Today is Wednesday, Jan. 4, the fourth day of 2017. There are 361 days left in the year.


Today is Wednesday, Jan. 4, the fourth day of 2017. There are 361 days left in the year.

ASSOCIATED PRESS

On this date in:

1896: Utah is admitted as the 45th state.

1935: President Franklin D. Roosevelt, in his State of the Union address, calls for legislation to provide assistance for the jobless, elderly, impoverished children and the handicapped.

1965: President Lyndon B. Johnson delivers his State of the Union address in which he outlines the goals of his “Great Society.”

1974: President Richard Nixon refuses to hand over tape recordings and documents subpoenaed by the Senate Watergate Committee.

1995: The 104th Congress convenes, the first entirely under Republican control since the Eisenhower era.

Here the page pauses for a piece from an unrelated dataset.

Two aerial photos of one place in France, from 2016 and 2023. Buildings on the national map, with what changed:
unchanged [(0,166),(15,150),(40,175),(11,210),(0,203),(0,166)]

2007: Nancy Pelosi is elected the first female speaker of the House as Democrats take control of Congress.

2012:Defying Republican lawmakers, President Barack Obama barrels past the Senate by using a recess appointment to name Ohioan Richard Cordray the first director of the Consumer Financial Protection Bureau.

2016: Workers return to their offices at the San Bernardino, Calif., campus where 14 people were killed in a December 2015 terror attack carried out by county restaurant inspector Sayed Farook and his wife.

VINDICATOR FILES

1992: Donald Rex, chairman of the Girard City Council Finance Committee, says the city should consider a police and fire levy to cover future costs, including 4 percent pay raises agreed to for each of the next three years for 16 police officers and four dispatchers.

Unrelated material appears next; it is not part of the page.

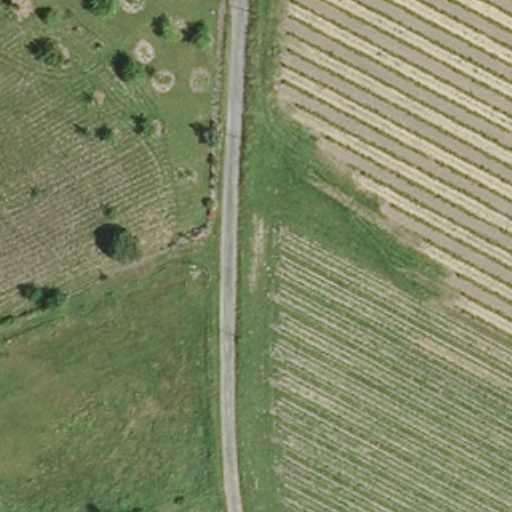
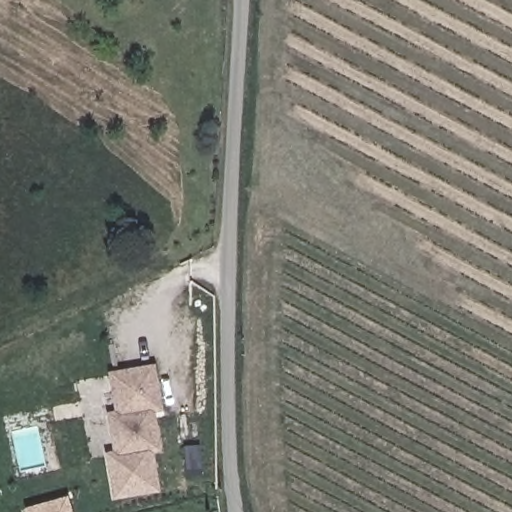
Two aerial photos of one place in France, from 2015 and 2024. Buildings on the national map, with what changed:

General Motors unveils its Ultralite, an experimental car that can achieve 100 mph and 100 mpg. But it’s too expensive to produce, with its carbon fiber body costing $40 a pound, compared with 35 cents per pound for steel.

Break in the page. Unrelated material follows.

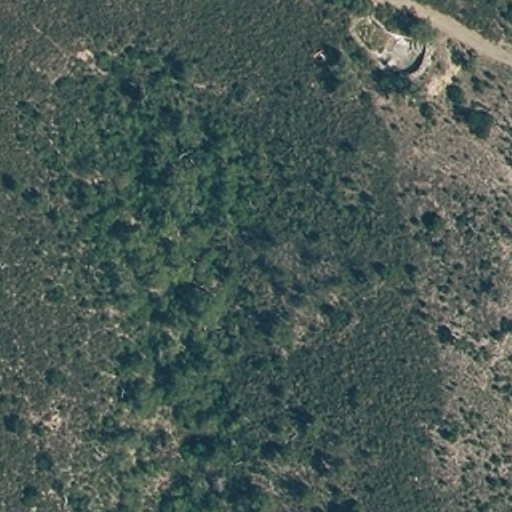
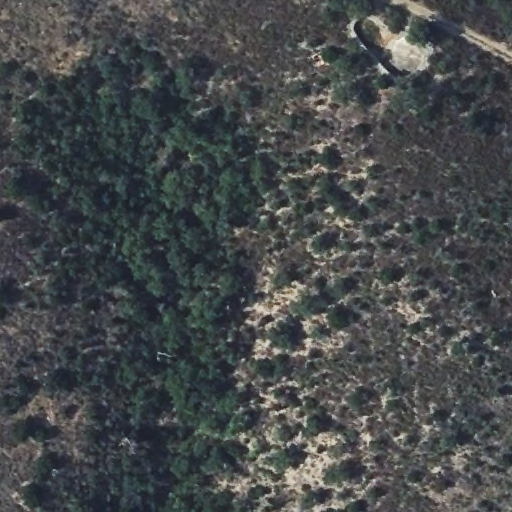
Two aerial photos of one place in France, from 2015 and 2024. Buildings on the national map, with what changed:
[]

Mahoning County’s new sheriff, Edward P. Nemeth, says a lack of funds means he cannot take over the Youngstown city jail or open a minimum security jail as planned.

1977: GF Business Equipment Inc. expects to begin initial production in a Gallatin, Tenn., plant by July, producing lateral and vertical files now made in Youngstown, shareholders are told.

Mahoning County commissioners vote to purchase the main Youngstown Post Office Building on Front Street for $1 should it be made available after the new post office goes into operation.

With virtually a full load of passengers booked, United Airlines launches its new one-stop Youngstown-Akron-Florida service. The plane will make stops in Tampa and Miami.

1967: Warren P. Williamson Jr., a 27-year member of the Youngstown Board of Education, is re-elected president for the 18th year. Dr. Earl Young, who has served on the board for 25 years, is vice president.

A $1 million federal grant is approved toward a $3.5 million health and physical education building for Youngstown University.

The Rev. Colbert S. Cartwright, pastor of Central Christian Church and chairman of the Youngstown Human Relations Commission, says there is “a pattern of racial discrimination in housing in the Youngstown area.”

1942: Youngstown district civilian airplane pilots are organized into a Civil Air Patrol to guard the Meander Reservoir and natural gas lines to the Ravenna Arsenal.

Harry Middleton, the man who controlled Mahoning County’s biggest “faucet” for 25 years, regulating the flow of the Mahoning River, has retired to a little home near the scene of his life’s work.

“Arsenic and Old Lace,” a current Broadway success, is the play Mrs. Robert Coffey will review for the Book Lovers’ Club at the YWCA.